Dünyanın en seksi kadınlarından Irina Shayk bir Türk markasının yüzü oldu. Çekimler için geçen hafta İstanbul’a gelen Shayk hakkında her şeyi fotoğrafçı Koray Birand’dan dinledik.
ÇEKİMDEN NOTLAR
- Irina Shayk, THY’nin tarifeli seferi ile New York’tan İstanbul’a geldi.
- Son zamanların gözde mekânı Soho House’ta iki gece kaldı.
- Geldiği gece otel odasında dinlenmeyi tercih etti.
- Ertesi gün çekim için stüdyoya geldiğinde ayağında babet, jean pantolonu ve tişörtüyle çok doğal görünüyordu.
- Saç ve makyaj işlemleri yaklaşık iki saat sürdü. Irina’nın doğal güzelliğinin önüne geçmeyecek şekilde sade bir makyaj tercih edildi.
- Sette herhangi bir özel tercihi/isteği olmadı. Kendi deyişiyle bu konuda ‘çok kolay’dı.
- Salata ve sebze ağırlıklı bir öğle yemeği yedi. İstanbul’da yediği sebzelerin gerçekten sebze gibi olduğunu söyledi. Normalde bu lezzette sebze bulamıyormuş.
- Çekim aralarında atıştırma olarak meyve yedi.
- Gün boyunca bir tane sade Türk kahvesi içti. Sert bulduğunu söyledi. Filtre kahve ve çok bol su içti.
- Çekim sırasında sette genellikle Irina’nın çok sevdiği hiphop tarz kendi müzikleri çaldı.
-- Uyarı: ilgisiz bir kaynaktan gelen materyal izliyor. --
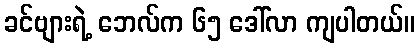
ခင်ဗျားရဲ့ ဘေလ်က ၆၅ ဒေါ်လာ ကျပါတယ်။

GÖZLERİNE BAKINCA KAYBOLUYORUM
Koray Birand: Irina’yı bundan iki ay önce New York’ta ‘Harper’s Bazaar Çin’ için çektim. Kendisi hakkında önyargılarım vardı. “Fazla seksi, sadece iç çamaşırı mankeni olabilir” falan diyordum. Çekim bittiğinde fena halde yanıldığımı anladım. Fotoğraflar çok iyi oldu. Kendisi de çok beğendi, hatta “Hayatımın en iyi kareleri” dedi. İki ay sonra bir Türk markası için bir araya geldiğimizde uzun yıllardır tanışıyor gibiydik. Irina tanıdığım en kaprissiz top model ve inanılmaz profesyonel. Ekibe saygısı müthiş. Tabii ki çok seksi. Hatta fazla seksi. Vücudunu, kıvrımlarını nasıl kullanacağını çok iyi biliyor. Kıyafetin hakkını veriyor. Derin V giydiyse memelerini düzeltip dikleştiriyor, derin yırtmaç varsa kasığa kadar açıyor. Popsuna kaç kere iğne battı gıkını bile çıkarmadı. Profesyonellik böyle bir şey. Sette en zorlanan isim partneri Sasha oldu. Gözünün içine bile bakamadı çocuk. “Bakınca kayboluyorum, bir uçurumdan aşağı düşüyor gibi oluyorum, gözleri çok derin” diyordu.